In the following section, we build a graphical representation of the error terms shown in the above table. We find that while n=44 has the lowest MSE, n=69 might be the better training set as it has the lowest MAPE and very similar MSE to n=44.

par(mfrow=c(2,1), mar=c(3,4,3,1))

plot(seq(1,4, by=1), MSE, lwd=2,type="b", ylab="MSE", xlab="", cex=0.3,
     main="Error Curves", col = "blue", xaxt='n')
axis(1, at=seq(1,4,by=1),c("n=144", "n=106","n=69", "n=44"))

plot(seq(1,4, by=1), MAPE, lwd=2,type="b", ylab="MAPE", xlab="", cex=0.3,
     main="", col = "darkred", xaxt='n')
axis(1, at=seq(1,4,by=1),c("n=144", "n=106","n=69", "n=44"))

3 Conclusion


We have developed in the above report a model to forecast the rate of job seperation based on the JOLTS survey conducted by the Bureau of Labor Statistics (BLS).

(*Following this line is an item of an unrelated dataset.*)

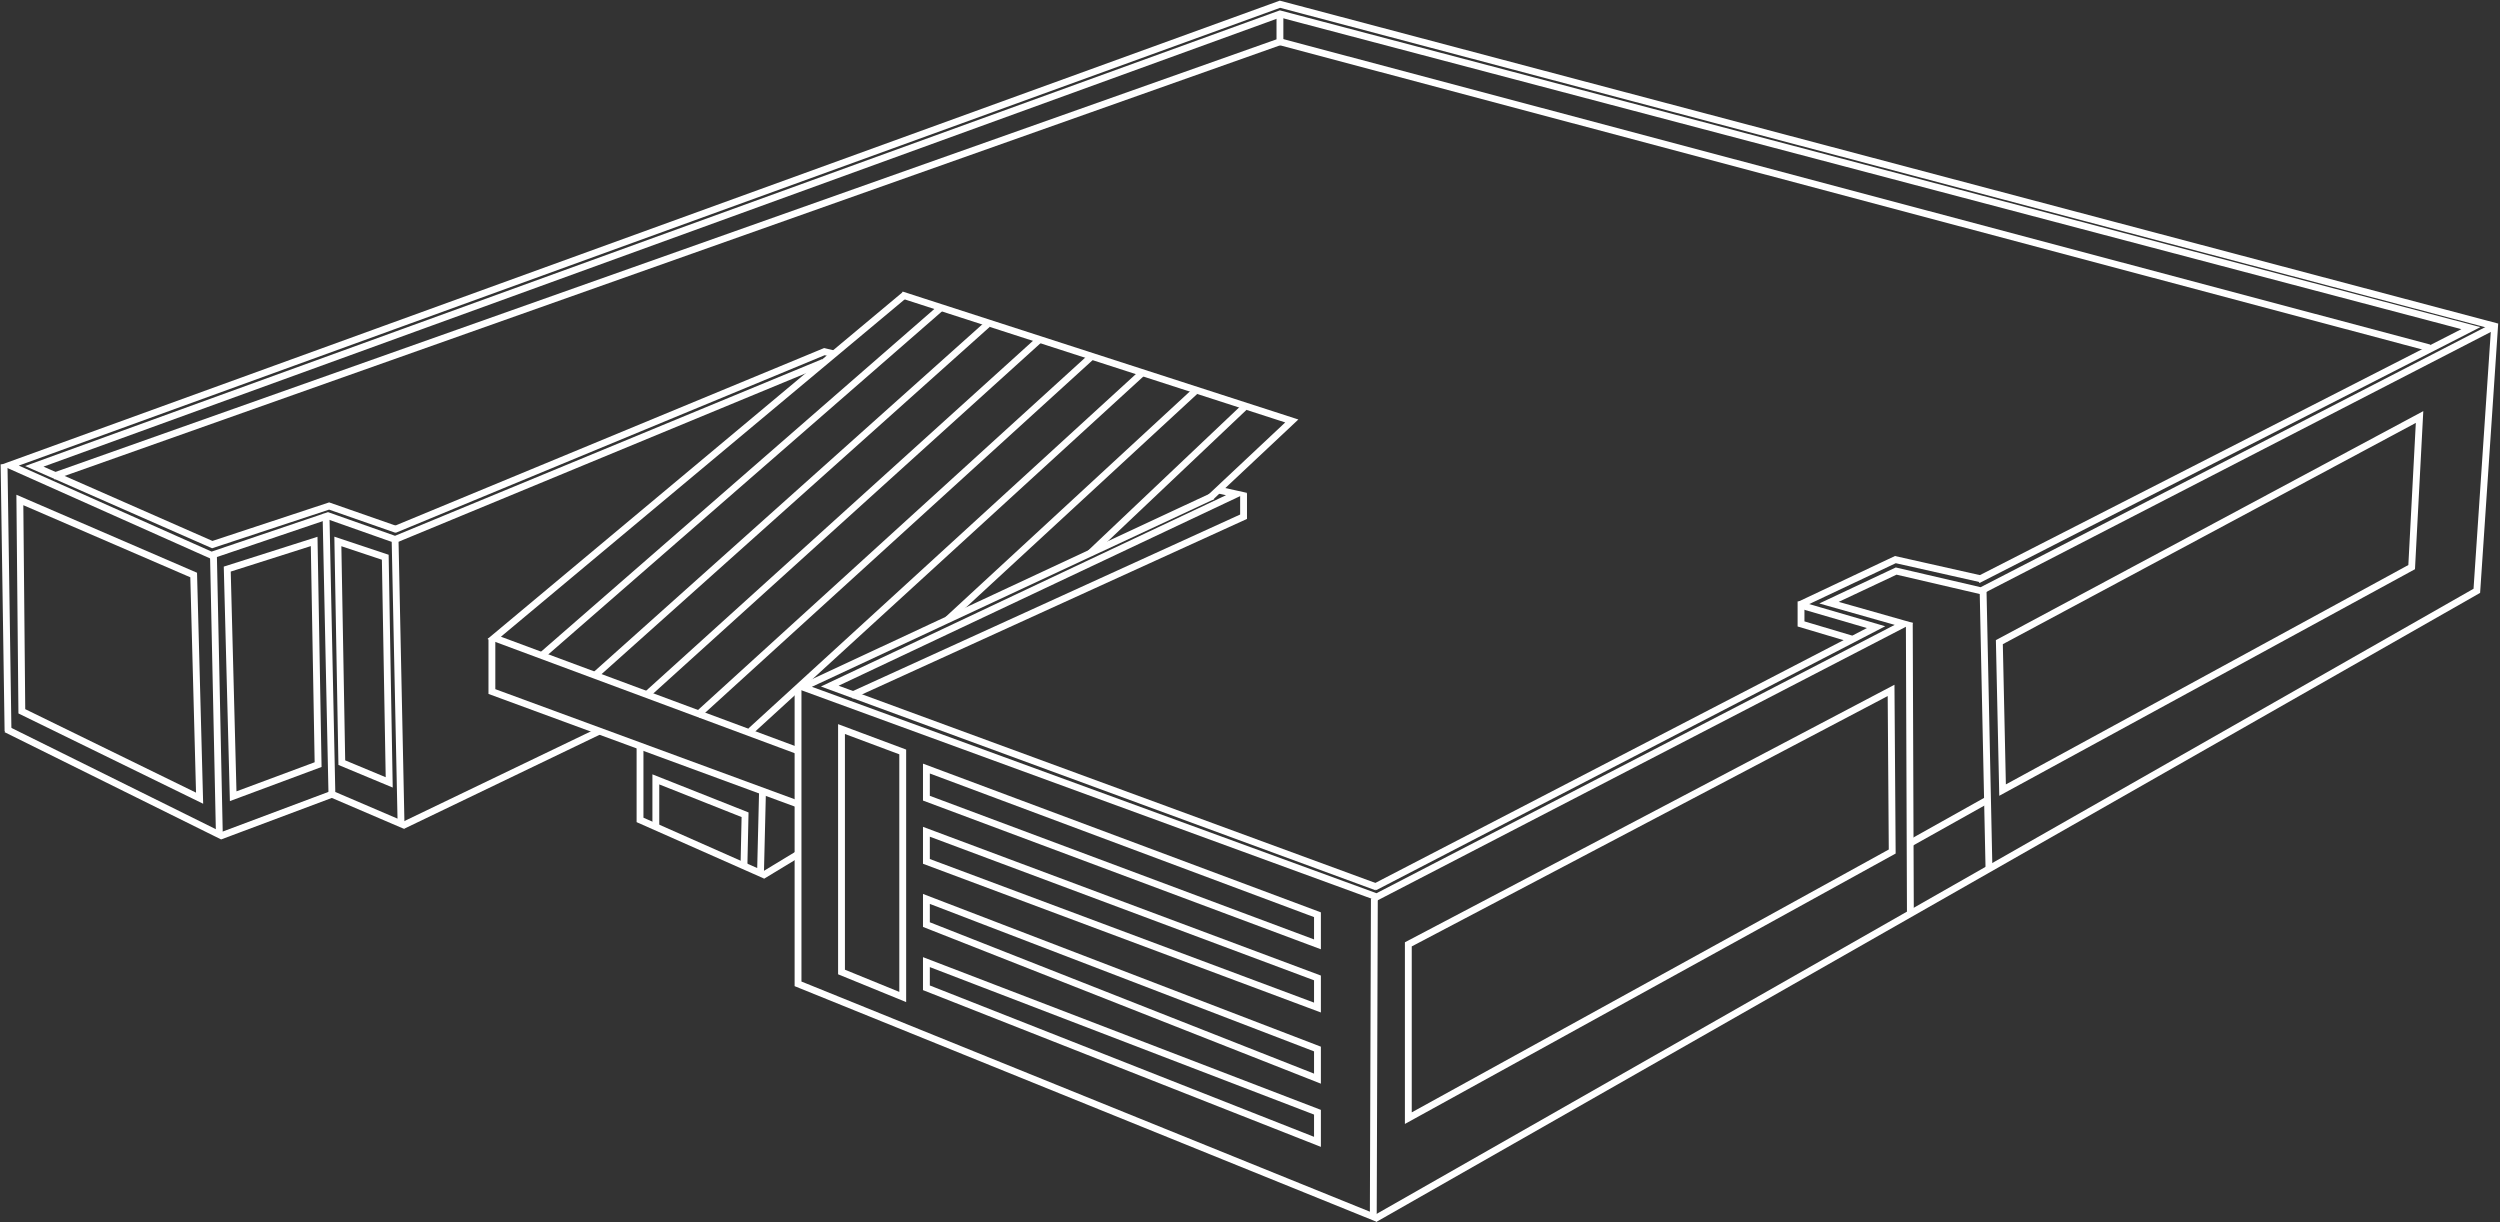 <?xml version="1.0" encoding="UTF-8"?> <svg xmlns="http://www.w3.org/2000/svg" width="1166" height="570" viewBox="0 0 1166 570" fill="none"><rect x="0" y="0" width="1166" height="570" fill="#333333" stroke="none"/> <path d="M148.364 356.618L146.521 252.526L105.99 265.423L108.754 371.356L148.364 356.618Z" stroke="white" stroke-width="3.191"></path> <path d="M614.466 440.443V426.626L432.076 358.46V372.277L614.466 440.443Z" stroke="white" stroke-width="3.191"></path> <path d="M421.035 465V350.71L392.479 340.038V453.341L421.035 465Z" stroke="white" stroke-width="3.191"></path> <path d="M614.466 469.921V456.104L432.076 387.938V401.755L614.466 469.921Z" stroke="white" stroke-width="3.191"></path> <path d="M614.466 503.083V489.266L432.076 419.257V431.232L614.466 503.083Z" stroke="white" stroke-width="3.191"></path> <path d="M614.466 532.56V518.742L432.076 448.734V460.709L614.466 532.56Z" stroke="white" stroke-width="3.191"></path> <path d="M890.5 290.5L891 425.5" stroke="white" stroke-width="3.191"></path> <path d="M641.184 568.486L1155.19 275.556L1163.48 152.12L596.968 1.971L4.5 217L98.619 258.975L152.968 240.552L184.287 251.606L384 169" stroke="white" stroke-width="3.191"></path> <path d="M565.647 231.34L374.5 320.5L642.103 418.336L888 291L853.049 281.082L884.369 266.344L923.979 275.555L1163.48 152.12" stroke="white" stroke-width="3.191"></path> <path d="M641 419L640.5 567.5L372.203 458.867V320.692" stroke="white" stroke-width="3.191"></path> <path d="M1.896 216.602L3.739 340.959" stroke="white" stroke-width="3.191"></path> <path d="M99.537 258.054L102.299 388.859" stroke="white" stroke-width="3.191"></path> <path d="M152.045 239.631L154.808 370.436L187.049 384.253L184.286 252.527" stroke="white" stroke-width="3.191"></path> <path d="M188 385L279.5 341" stroke="white" stroke-width="3.191"></path> <path d="M154.81 370.436L103.225 389.78L2.818 340.038" stroke="white" stroke-width="3.191"></path> <path d="M422 137.5L230.5 297.5L372.204 350.171" stroke="white" stroke-width="3.191"></path> <path d="M420.5 137.5L602.494 196.336L564.5 232" stroke="white" stroke-width="3.191"></path> <path d="M229.424 297.664V322.535L372.204 375.042" stroke="white" stroke-width="3.191"></path> <path d="M298.508 348.327V382.41L354.699 407.282L355.62 369.514" stroke="white" stroke-width="3.191"></path> <path d="M355.5 408.5L372 398.5" stroke="white" stroke-width="3.191"></path> <path d="M305.881 385.174V363.5L347.5 380L347 403" stroke="white" stroke-width="3.191"></path> <path d="M642.109 413.73L387 320L576.707 230.419L568.416 228.577" stroke="white" stroke-width="3.191"></path> <path d="M184 247L384.5 164L388.791 165.016" stroke="white" stroke-width="3.191"></path> <path d="M185 247L153.5 236L99 254L16 217.5L597 6.5L1152.43 153.041L922.5 270.5" stroke="white" stroke-width="3.191"></path> <path d="M924 270L884 261L839.5 282" stroke="white" stroke-width="3.191"></path> <path d="M839 282L875 292.5L641.186 413.731" stroke="white" stroke-width="3.191"></path> <path d="M840 280.5V291L863.5 298" stroke="white" stroke-width="3.191"></path> <path d="M580 230V241L397.072 324.377" stroke="white" stroke-width="3.191"></path> <path d="M596.962 7V19.472L24.92 222.128" stroke="white" stroke-width="3.191"></path> <path d="M596.971 19.472L1133.09 162.252" stroke="white" stroke-width="3.191"></path> <path d="M924.9 274.635L927.664 405.44" stroke="white" stroke-width="3.191"></path> <path d="M890.5 393.5L926.751 373.199" stroke="white" stroke-width="3.191"></path> <path d="M438.522 143.83L252.447 305.955" stroke="white" stroke-width="3.191"></path> <path d="M460.634 151.199L277.322 315.166" stroke="white" stroke-width="3.191"></path> <path d="M484.587 158.569L301.275 324.378" stroke="white" stroke-width="3.191"></path> <path d="M509.461 165.938L325.229 333.589" stroke="white" stroke-width="3.191"></path> <path d="M533.407 173.306L350.096 340.958" stroke="white" stroke-width="3.191"></path> <path d="M557.356 182.518L442 289" stroke="white" stroke-width="3.191"></path> <path d="M580.39 189.889L508.5 258" stroke="white" stroke-width="3.191"></path> <path d="M1128.48 194.493L932.5 299.5L934 368.5L1124.8 264.502L1128.48 194.493Z" stroke="white" stroke-width="3.191"></path> <path d="M882.527 397.149L882 322L656.842 440.443V521.506L882.527 397.149Z" stroke="white" stroke-width="3.191"></path> <path d="M181.528 364.908L179.686 259.896L157.578 252.526L159.42 355.697L181.528 364.908Z" stroke="white" stroke-width="3.191"></path> <path d="M93.09 372.278L90.326 268.187L9.264 233.183L10.185 331.747L93.09 372.278Z" stroke="white" stroke-width="3.191"></path> </svg>

In particular, we developed a background of the job seperations rate, gained preliminary insight on the job seperations rate between the periods of Sep. 2010 and Mar. 2023, decomposed the trend of the job seperations rate using classical and STL decomposition methods, split the data into training and testing by holding out the last six observations (months), used four different sample sizes to train four models to forecast the test data, calculated the error rates of the four models, and developed a graphical representation of those error rates. Lastly, we found that, out of the four training sets, the training set with the sample size of n=69 is the best for forecasting future values of the job seperation rate.